SimDist's selective transfer—freezing sim-pretrained encoder, reward, and value while only updating dynamics—gives a clean way to adapt world models, but the abstract's lack of numbers leaves the contact-rich claims hard to evaluate.

read the letter

The main contribution here is a targeted adaptation scheme for world models. They pretrain the full thing in simulation, then on real data they keep the encoder, reward model, and value function fixed and only update the latent dynamics with prediction losses. This reduces the real-world phase to supervised system identification while trying to preserve long-horizon planning signals from the sim components. That framing is straightforward and directly attacks the data scale problem for contact-rich, long-horizon robot tasks. It is a step beyond generic sim-to-real fine-tuning because it explicitly decides which pieces to carry over and which to refresh. The abstract positions this as working better than prior adaptation methods on manipulation and quadruped locomotion, where those methods either stall or degrade. That outcome would be useful if it holds. The idea is motivated and the component split is a reasonable design choice for keeping planning viable during adaptation. The main limitation is that the abstract supplies no quantitative results, ablations, or experimental details, so the size of the gains and the conditions under which they appear remain unclear. The central assumption—that the sim-trained reward and value functions still give usable signals on real observations—needs direct evidence, especially in contact-rich regimes where small perception or physics mismatches usually break fixed reward models. If the paper shows that the dynamics update compensates for any misalignment, or quantifies how much the transferred components degrade, that would strengthen the case. This is worth a serious referee for groups working on model-based planning and sim-to-real transfer. The framework is clean enough and the problem is real enough that referees should see the full experiments and decide whether the results support the claims.

Referee Report

3 major / 1 minor

Summary. The paper introduces Simulation Distillation (SimDist), a framework that pretrains an action-conditioned world model in physics simulation to distill structural priors, then transfers the encoder, reward model, and value function to the real world while updating only the latent dynamics model via supervised prediction losses on real interaction data. This is claimed to enable rapid online improvement via planning in long-horizon contact-rich tasks such as manipulation and quadruped locomotion, outperforming prior adaptation methods that struggle or degrade.

Significance.
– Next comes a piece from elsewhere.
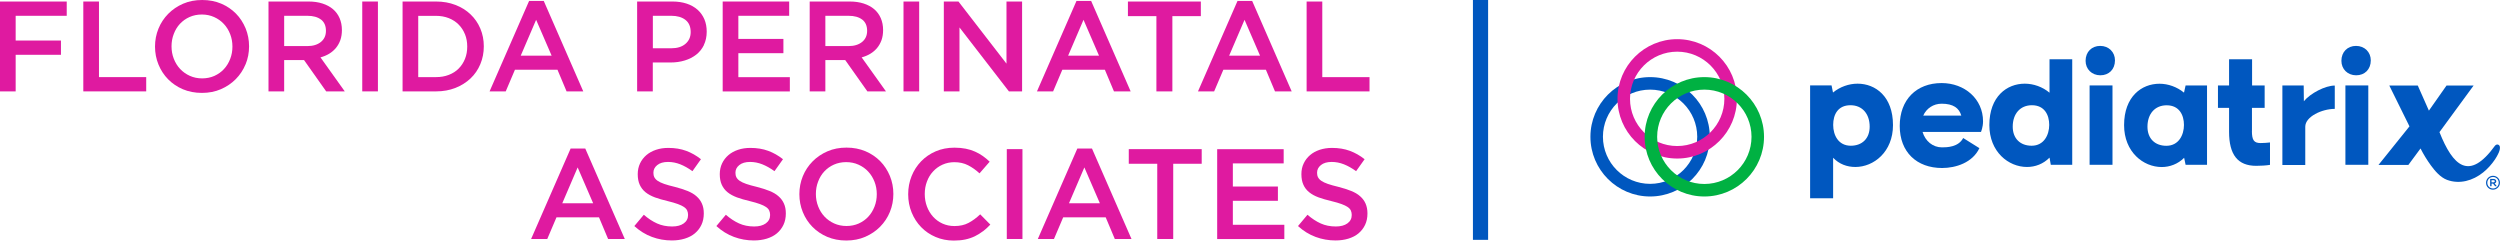 <?xml version="1.0" encoding="UTF-8"?><svg xmlns="http://www.w3.org/2000/svg" viewBox="0 0 411.73 39.62"><defs><style>.cls-1,.cls-2{fill:#0057bf;}.cls-3,.cls-4{fill:#DF1AA0;}.cls-4,.cls-2,.cls-5{mix-blend-mode:multiply;}.cls-5{fill:#00B142;}.cls-6{isolation:isolate;}</style></defs><g class="cls-6"><g id="Layer_1_copy"><g><path class="cls-3" d="M10.99,2.6H2.58V6.68h7.46v2.35H2.58v6.02H0V.25H10.99V2.6Z"/><path class="cls-3" d="M13.72,.25h2.58V12.7h7.78v2.35H13.72V.25Z"/><path class="cls-3" d="M40.44,10.59c-.38,.93-.92,1.74-1.61,2.44-.69,.7-1.51,1.25-2.45,1.66s-1.99,.61-3.13,.61-2.18-.2-3.13-.6c-.94-.4-1.75-.95-2.43-1.64s-1.21-1.5-1.59-2.43c-.38-.93-.57-1.92-.57-2.96s.19-2.03,.57-2.96,.92-1.74,1.61-2.44c.69-.7,1.51-1.25,2.45-1.66C31.11,.2,32.15,0,33.3,0s2.18,.2,3.13,.6c.94,.4,1.75,.95,2.43,1.64,.68,.69,1.2,1.5,1.59,2.43,.38,.93,.57,1.92,.57,2.96s-.19,2.03-.57,2.96Zm-2.53-4.96c-.25-.64-.59-1.2-1.04-1.68-.44-.48-.98-.86-1.6-1.14s-1.3-.42-2.03-.42-1.41,.14-2.02,.41c-.61,.27-1.14,.65-1.58,1.12-.44,.47-.78,1.03-1.02,1.67-.25,.64-.37,1.32-.37,2.04s.12,1.4,.37,2.04c.25,.64,.59,1.2,1.04,1.68s.98,.86,1.6,1.14c.62,.28,1.3,.42,2.03,.42s1.41-.14,2.02-.41c.61-.28,1.14-.65,1.57-1.12,.44-.47,.78-1.03,1.03-1.67,.25-.64,.37-1.32,.37-2.04s-.12-1.4-.37-2.04Z"/><path class="cls-3" d="M53.72,15.05l-3.65-5.16h-3.27v5.16h-2.58V.25h6.6c.85,0,1.61,.11,2.29,.33,.68,.22,1.26,.53,1.73,.93,.47,.4,.83,.89,1.09,1.48,.25,.58,.38,1.24,.38,1.96,0,.62-.09,1.17-.26,1.66-.18,.49-.42,.92-.73,1.29s-.68,.69-1.11,.95c-.43,.26-.91,.46-1.43,.6l4,5.6h-3.06Zm-.85-11.82c-.54-.42-1.29-.63-2.27-.63h-3.8V7.59h3.82c.93,0,1.67-.23,2.23-.68,.55-.45,.83-1.06,.83-1.83,0-.82-.27-1.44-.81-1.86Z"/><path class="cls-3" d="M62.24,.25V15.05h-2.58V.25h2.58Z"/><path class="cls-3" d="M79.11,10.56c-.38,.91-.92,1.7-1.62,2.36-.7,.66-1.53,1.18-2.49,1.56-.97,.38-2.03,.57-3.18,.57h-5.52V.25h5.52c1.16,0,2.22,.19,3.18,.56,.97,.37,1.8,.89,2.49,1.55,.7,.66,1.24,1.45,1.62,2.35,.38,.9,.57,1.87,.57,2.92s-.19,2.02-.57,2.93Zm-2.53-4.91c-.25-.62-.59-1.15-1.04-1.6-.44-.45-.99-.81-1.62-1.06-.64-.25-1.34-.38-2.12-.38h-2.92V12.7h2.92c.78,0,1.48-.12,2.12-.37,.64-.25,1.18-.59,1.62-1.04,.45-.45,.79-.98,1.04-1.59,.25-.62,.37-1.29,.37-2.03s-.12-1.41-.37-2.03Z"/><path class="cls-3" d="M96.06,15.05h-2.75l-1.5-3.57h-7l-1.52,3.57h-2.66L87.14,.15h2.41l6.51,14.9Zm-7.76-11.8l-2.54,5.92h5.09l-2.56-5.92Z"/><path class="cls-3" d="M115.93,7.42c-.31,.63-.73,1.16-1.27,1.58s-1.17,.74-1.89,.96-1.49,.33-2.31,.33h-2.95v4.76h-2.58V.25h5.83c.86,0,1.64,.12,2.34,.35s1.29,.57,1.78,1c.49,.44,.86,.96,1.12,1.56,.26,.61,.39,1.29,.39,2.05,0,.83-.16,1.56-.47,2.2Zm-3.05-4.15c-.58-.45-1.36-.67-2.33-.67h-3.03V7.95h3.03c.99,0,1.77-.24,2.34-.73s.86-1.13,.86-1.94c0-.89-.29-1.56-.87-2.01Z"/><path class="cls-3" d="M129.97,2.6h-8.37v3.81h7.42v2.35h-7.42v3.95h8.48v2.35h-11.06V.25h10.95V2.6Z"/><path class="cls-3" d="M142.85,15.05l-3.65-5.16h-3.27v5.16h-2.58V.25h6.6c.85,0,1.61,.11,2.29,.33,.68,.22,1.26,.53,1.73,.93,.47,.4,.83,.89,1.09,1.48,.25,.58,.38,1.24,.38,1.96,0,.62-.09,1.17-.26,1.66-.18,.49-.42,.92-.73,1.29s-.68,.69-1.11,.95c-.43,.26-.91,.46-1.43,.6l4,5.6h-3.06Zm-.85-11.82c-.54-.42-1.29-.63-2.27-.63h-3.8V7.59h3.82c.93,0,1.67-.23,2.23-.68,.55-.45,.83-1.06,.83-1.83,0-.82-.27-1.44-.81-1.86Z"/><path class="cls-3" d="M151.38,.25V15.05h-2.58V.25h2.58Z"/><path class="cls-3" d="M165.75,.25h2.58V15.05h-2.17l-8.14-10.53V15.05h-2.58V.25h2.41l7.91,10.23V.25Z"/><path class="cls-3" d="M186.21,15.05h-2.75l-1.5-3.57h-7l-1.52,3.57h-2.66L177.29,.15h2.41l6.51,14.9Zm-7.76-11.8l-2.54,5.92h5.09l-2.56-5.92Z"/><path class="cls-3" d="M193.07,15.05h-2.62V2.66h-4.69V.25h12.01V2.66h-4.69V15.05Z"/><path class="cls-3" d="M212.73,15.05h-2.75l-1.5-3.57h-7l-1.52,3.57h-2.66L203.81,.15h2.41l6.51,14.9Zm-7.76-11.8l-2.54,5.92h5.09l-2.56-5.92Z"/><path class="cls-3" d="M215.19,.25h2.58V12.7h7.78v2.35h-10.36V.25Z"/><path class="cls-3" d="M102.9,39.36h-2.75l-1.5-3.57h-7l-1.52,3.57h-2.66l6.51-14.9h2.41l6.51,14.9Zm-7.76-11.8l-2.54,5.92h5.09l-2.56-5.92Z"/><path class="cls-3" d="M107.77,29.19c.1,.21,.28,.41,.54,.59,.26,.18,.62,.35,1.08,.51s1.04,.32,1.75,.49c.78,.2,1.47,.42,2.07,.66,.6,.24,1.1,.53,1.49,.88,.4,.35,.7,.75,.9,1.21,.21,.46,.31,1,.31,1.62,0,.71-.13,1.33-.39,1.88-.26,.55-.62,1.01-1.08,1.4s-1.02,.67-1.66,.87c-.65,.2-1.36,.3-2.13,.3-1.14,0-2.23-.19-3.28-.58s-2.01-.98-2.9-1.79l1.56-1.86c.72,.62,1.44,1.1,2.18,1.43,.73,.33,1.56,.5,2.49,.5,.8,0,1.44-.17,1.91-.51,.47-.34,.71-.8,.71-1.38,0-.27-.05-.51-.14-.72-.09-.21-.26-.41-.51-.58-.25-.18-.59-.34-1.02-.5-.43-.16-.99-.32-1.68-.49-.79-.18-1.49-.39-2.11-.61-.61-.23-1.13-.51-1.55-.85-.42-.34-.73-.75-.95-1.23-.22-.48-.33-1.06-.33-1.75,0-.65,.13-1.24,.38-1.77,.25-.53,.6-.98,1.04-1.36,.44-.38,.97-.67,1.59-.88s1.29-.31,2.03-.31c1.09,0,2.06,.16,2.93,.48s1.68,.78,2.44,1.38l-1.4,1.97c-.68-.49-1.35-.87-2.01-1.13-.66-.26-1.33-.39-2.01-.39-.76,0-1.35,.17-1.78,.52s-.63,.76-.63,1.26c0,.3,.05,.55,.15,.76Z"/><path class="cls-3" d="M121.28,29.19c.1,.21,.28,.41,.54,.59,.26,.18,.62,.35,1.08,.51s1.04,.32,1.75,.49c.78,.2,1.47,.42,2.07,.66,.6,.24,1.1,.53,1.49,.88,.4,.35,.7,.75,.9,1.21,.21,.46,.31,1,.31,1.62,0,.71-.13,1.33-.39,1.88-.26,.55-.62,1.01-1.08,1.4s-1.02,.67-1.66,.87c-.65,.2-1.36,.3-2.13,.3-1.14,0-2.23-.19-3.28-.58s-2.01-.98-2.9-1.79l1.56-1.86c.72,.62,1.44,1.1,2.18,1.43,.73,.33,1.56,.5,2.49,.5,.8,0,1.44-.17,1.91-.51,.47-.34,.71-.8,.71-1.38,0-.27-.05-.51-.14-.72-.09-.21-.26-.41-.51-.58-.25-.18-.59-.34-1.02-.5-.43-.16-.99-.32-1.68-.49-.79-.18-1.49-.39-2.11-.61-.61-.23-1.13-.51-1.55-.85-.42-.34-.73-.75-.95-1.23-.22-.48-.33-1.06-.33-1.75,0-.65,.13-1.24,.38-1.77,.25-.53,.6-.98,1.04-1.36,.44-.38,.97-.67,1.59-.88s1.29-.31,2.03-.31c1.09,0,2.06,.16,2.93,.48s1.68,.78,2.44,1.38l-1.4,1.97c-.68-.49-1.35-.87-2.01-1.13-.66-.26-1.33-.39-2.01-.39-.76,0-1.35,.17-1.78,.52s-.63,.76-.63,1.26c0,.3,.05,.55,.15,.76Z"/><path class="cls-3" d="M146.56,34.9c-.38,.93-.92,1.74-1.61,2.44-.69,.7-1.51,1.25-2.45,1.66s-1.99,.61-3.13,.61-2.18-.2-3.13-.6c-.94-.4-1.75-.95-2.43-1.64s-1.21-1.5-1.59-2.43c-.38-.93-.57-1.92-.57-2.96s.19-2.03,.57-2.96,.92-1.74,1.61-2.44c.69-.7,1.51-1.25,2.45-1.66,.94-.41,1.99-.61,3.13-.61s2.18,.2,3.13,.6c.94,.4,1.75,.95,2.43,1.64,.68,.69,1.2,1.5,1.59,2.43,.38,.93,.57,1.92,.57,2.96s-.19,2.03-.57,2.96Zm-2.53-4.96c-.25-.64-.59-1.2-1.04-1.68-.44-.48-.98-.86-1.6-1.14s-1.3-.42-2.03-.42-1.41,.14-2.02,.41c-.61,.27-1.14,.65-1.58,1.12-.44,.47-.78,1.03-1.02,1.67-.25,.64-.37,1.32-.37,2.04s.12,1.4,.37,2.04c.25,.64,.59,1.2,1.04,1.68s.98,.86,1.6,1.14c.62,.28,1.3,.42,2.03,.42s1.41-.14,2.02-.41c.61-.28,1.14-.65,1.57-1.12,.44-.47,.78-1.03,1.03-1.67,.25-.64,.37-1.32,.37-2.04s-.12-1.4-.37-2.04Z"/><path class="cls-3" d="M161.89,38.08c-.42,.32-.86,.59-1.34,.83-.48,.23-1,.41-1.57,.53-.57,.12-1.2,.18-1.89,.18-1.08,0-2.09-.2-3-.59-.92-.39-1.71-.93-2.38-1.62s-1.19-1.49-1.57-2.42c-.38-.93-.57-1.93-.57-3s.19-2.05,.56-2.98c.37-.93,.9-1.74,1.57-2.44,.68-.7,1.48-1.25,2.41-1.65,.93-.4,1.96-.6,3.09-.6,.68,0,1.29,.06,1.85,.17,.56,.11,1.07,.27,1.53,.48,.46,.2,.89,.45,1.29,.73,.39,.28,.77,.59,1.12,.93l-1.67,1.92c-.59-.55-1.22-.99-1.88-1.33-.66-.34-1.42-.51-2.26-.51-.71,0-1.36,.14-1.96,.41-.6,.27-1.12,.65-1.55,1.12-.44,.47-.78,1.03-1.01,1.66-.24,.63-.36,1.32-.36,2.05s.12,1.42,.36,2.06c.24,.64,.58,1.2,1.01,1.68,.44,.48,.95,.86,1.55,1.13,.6,.27,1.25,.41,1.96,.41,.9,0,1.68-.17,2.33-.52,.65-.34,1.29-.81,1.92-1.41l1.67,1.69c-.38,.41-.78,.77-1.19,1.09Z"/><path class="cls-3" d="M168.39,24.56v14.8h-2.58v-14.8h2.58Z"/><path class="cls-3" d="M186.35,39.36h-2.75l-1.5-3.57h-7l-1.52,3.57h-2.66l6.51-14.9h2.41l6.51,14.9Zm-7.76-11.8l-2.54,5.92h5.09l-2.56-5.92Z"/><path class="cls-3" d="M193.21,39.36h-2.62v-12.39h-4.69v-2.41h12.01v2.41h-4.69v12.39Z"/><path class="cls-3" d="M211.41,26.91h-8.37v3.81h7.42v2.35h-7.42v3.95h8.48v2.35h-11.06v-14.8h10.95v2.35Z"/><path class="cls-3" d="M217.07,29.19c.1,.21,.28,.41,.54,.59,.26,.18,.62,.35,1.08,.51s1.04,.32,1.75,.49c.78,.2,1.47,.42,2.07,.66,.6,.24,1.1,.53,1.49,.88,.4,.35,.7,.75,.9,1.21s.31,1,.31,1.62c0,.71-.13,1.33-.39,1.88-.26,.55-.62,1.01-1.08,1.4s-1.02,.67-1.66,.87c-.65,.2-1.36,.3-2.13,.3-1.14,0-2.23-.19-3.28-.58s-2.01-.98-2.9-1.79l1.56-1.86c.72,.62,1.44,1.1,2.18,1.43,.73,.33,1.56,.5,2.49,.5,.8,0,1.44-.17,1.91-.51,.47-.34,.71-.8,.71-1.38,0-.27-.05-.51-.14-.72-.09-.21-.26-.41-.51-.58-.25-.18-.59-.34-1.02-.5s-.99-.32-1.68-.49c-.79-.18-1.49-.39-2.11-.61-.62-.23-1.13-.51-1.55-.85-.42-.34-.74-.75-.95-1.23-.22-.48-.33-1.06-.33-1.75,0-.65,.12-1.24,.38-1.77,.25-.53,.6-.98,1.04-1.36,.44-.38,.97-.67,1.59-.88,.62-.2,1.29-.31,2.03-.31,1.09,0,2.06,.16,2.93,.48,.87,.32,1.68,.78,2.44,1.38l-1.4,1.97c-.68-.49-1.35-.87-2.01-1.13-.66-.26-1.33-.39-2.01-.39-.76,0-1.35,.17-1.78,.52s-.63,.76-.63,1.26c0,.3,.05,.55,.15,.76Z"/><path class="cls-2" d="M271.76,32.36c-5.42,0-9.83-4.41-9.83-9.83s4.41-9.83,9.83-9.83,9.83,4.41,9.83,9.83-4.41,9.83-9.83,9.83Zm0-17.6c-4.28,0-7.77,3.48-7.77,7.76s3.48,7.76,7.77,7.76,7.76-3.48,7.76-7.76-3.48-7.76-7.76-7.76Z"/><path class="cls-4" d="M276.22,26.11c-5.42,0-9.83-4.41-9.83-9.83s4.41-9.83,9.83-9.83,9.83,4.41,9.83,9.83-4.41,9.83-9.83,9.83Zm0-17.6c-4.28,0-7.77,3.48-7.77,7.77s3.48,7.77,7.77,7.77,7.77-3.48,7.77-7.77-3.48-7.77-7.77-7.77Z"/><path class="cls-5" d="M280.69,32.36c-5.42,0-9.83-4.41-9.83-9.83s4.41-9.83,9.83-9.83,9.83,4.41,9.83,9.83-4.41,9.83-9.83,9.83Zm0-17.6c-4.28,0-7.77,3.48-7.77,7.77s3.48,7.77,7.77,7.77,7.77-3.48,7.77-7.77-3.48-7.77-7.77-7.77Z"/><path class="cls-1" d="M345.89,7.56c-1.39,0-2.41,.97-2.41,2.46,0,1.36,1.02,2.38,2.43,2.38s2.41-.97,2.41-2.46c0-1.36-1.02-2.38-2.43-2.38Z"/><path class="cls-1" d="M305.93,13.78c-1.44,0-2.9,.52-4.05,1.46l-.24-1.18h-3.53v18.59h3.79v-6.67c.99,1.05,2.3,1.52,3.66,1.52,3.03,0,6.2-2.48,6.2-6.9,0-4.71-2.88-6.82-5.83-6.82Zm-1.12,10.22c-2.04,0-2.9-1.73-2.9-3.43s.78-3.24,2.85-3.24c1.93,0,3.16,1.41,3.16,3.53,0,1.96-1.25,3.14-3.11,3.14Z"/><rect class="cls-1" x="344.14" y="14.07" width="3.77" height="13.07"/><path class="cls-1" d="M319.77,13.68c-4.16,0-6.9,2.75-6.9,7.06s2.8,6.93,6.98,6.93c2.27,0,5.02-.89,6.14-3.27l-2.67-1.67c-.78,1.52-2.72,1.54-3.5,1.54-1.52,0-2.75-1.05-3.19-2.54h9.62s.34-.76,.34-1.75c0-3.69-3.03-6.3-6.82-6.3Zm-3.03,5.36c.52-1.18,1.67-1.96,3.03-1.96,1.91,0,2.88,.71,3.24,1.96h-6.28Z"/><path class="cls-1" d="M337.54,15.27c-1.15-.97-2.64-1.49-4.08-1.49-2.95,0-5.83,2.12-5.83,6.82,0,4.42,3.16,6.9,6.2,6.9,1.36,0,2.69-.5,3.71-1.54l.21,1.18h3.53V9.76h-3.74v5.52Zm-2.95,8.73c-1.86,0-3.11-1.18-3.11-3.14,0-2.12,1.23-3.53,3.16-3.53,2.07,0,2.85,1.6,2.85,3.24s-.86,3.43-2.9,3.43Z"/><path class="cls-1" d="M370.88,21.55v-3.79h2.09v-3.69h-2.07v-4.31h-3.79v4.31h-1.83v3.69h1.83v3.95c0,3.79,1.44,5.6,4.47,5.6,.6,0,1.7-.05,2.27-.16v-3.69c-.29,.05-1.12,.1-1.54,.1-1.1,0-1.44-.47-1.44-2.01Z"/><path class="cls-1" d="M411.11,29.84c0-.22-.18-.37-.46-.37h-.54v1.2h.23v-.43h.25l.33,.43h.28l-.36-.47c.18-.05,.28-.18,.28-.36Zm-.48,.19h-.3v-.35h.31c.15,0,.23,.06,.23,.17s-.09,.18-.24,.18Z"/><path class="cls-1" d="M411.4,25.39c.1-.18,.18-.36,.25-.6,.09-.31,.16-.79-.2-.96-.22-.09-.39,.01-.54,.16-4.29,5.93-6.94,3.32-9.15-2.23l5.62-7.67h-4.46l-2.9,4.13-1.83-4.13h-4.69l3.32,6.72-5.1,6.35h4.92l2-2.71c.49,.97,1.06,1.9,1.7,2.78,.66,.91,1.57,1.98,2.66,2.39,2.08,.77,4.27,.13,5.95-1.22,.76-.61,1.41-1.34,1.95-2.14,.22-.32,.43-.72,.49-.85Z"/><path class="cls-1" d="M410.58,28.95c-.63,0-1.15,.51-1.15,1.15s.51,1.14,1.14,1.14,1.15-.51,1.15-1.15-.51-1.14-1.14-1.14Zm0,2.09c-.53,0-.94-.41-.94-.94s.41-.95,.94-.95,.94,.41,.94,.94-.41,.95-.94,.95Z"/><rect class="cls-1" x="386.27" y="14.07" width="3.77" height="13.07"/><path class="cls-1" d="M388.02,7.56c-1.39,0-2.41,.97-2.41,2.46,0,1.36,1.02,2.38,2.43,2.38s2.41-.97,2.41-2.46c0-1.36-1.02-2.38-2.43-2.38Z"/><path class="cls-1" d="M379.43,16.68l-.03-2.61h-3.51v13.1h3.77v-6.31c0-1.65,2.75-2.93,4.86-2.93v-3.84c-1.57,0-4,1.26-5.1,2.59Z"/><path class="cls-1" d="M359.68,15.25c-1.15-.94-2.61-1.46-4.03-1.46-2.95,0-5.83,2.12-5.83,6.82,0,4.42,3.16,6.9,6.2,6.9,1.33,0,2.67-.5,3.69-1.52l.24,1.15h3.53V14.07h-3.53l-.26,1.18Zm-2.9,8.76c-1.86,0-3.11-1.18-3.11-3.14,0-2.12,1.23-3.53,3.16-3.53,2.07,0,2.85,1.6,2.85,3.24s-.86,3.43-2.9,3.43Z"/><rect class="cls-1" x="242.58" width="2.5" height="39.5"/></g></g></g></svg>

If the empirical claims hold with rigorous validation, the approach could meaningfully advance sim-to-real transfer for model-based planning by reducing adaptation to system identification while retaining dense planning signals. This addresses data-efficiency bottlenecks in contact-rich robotics where end-to-end finetuning is brittle.

major comments (3)

[Abstract and Experiments] Abstract and Experiments section: The central claim of rapid improvement across tasks while prior methods struggle or degrade is stated without any quantitative metrics, error bars, ablation studies, baseline comparisons, or experimental protocols. This prevents assessment of whether the data support the superiority assertion.
[Method] Method description (adaptation phase): The load-bearing assumption that the fixed sim-pretrained encoder, reward model, and value function produce usable signals on real observations without retraining is not supported by described ablations or transfer-success metrics. In contact-rich regimes, sim-to-real gaps in perception or contact dynamics typically invalidate such fixed components, yet only latent dynamics are updated.
[Adaptation and Planning] Adaptation and planning description: The assertion that real-world prediction losses alone suffice to adapt the latent dynamics for successful long-horizon planning assumes the transferred reward/value remain aligned with real outcomes. No concrete test (e.g., planning success with frozen vs. adapted components) is reported to address the risk of optimizing against misaligned objectives.

minor comments (1)

[Abstract] The provision of a project website and code link is a positive step toward reproducibility.

Simulated Author's Rebuttal

3 responses · 0 unresolved

We thank the referee for their constructive feedback, which identifies key areas to strengthen the clarity and rigor of our empirical claims. We address each major comment below and will incorporate revisions to provide additional quantitative support, ablations, and validation experiments.

read point-by-point responses

Referee: [Abstract and Experiments] Abstract and Experiments section: The central claim of rapid improvement across tasks while prior methods struggle or degrade is stated without any quantitative metrics, error bars, ablation studies, baseline comparisons, or experimental protocols. This prevents assessment of whether the data support the superiority assertion.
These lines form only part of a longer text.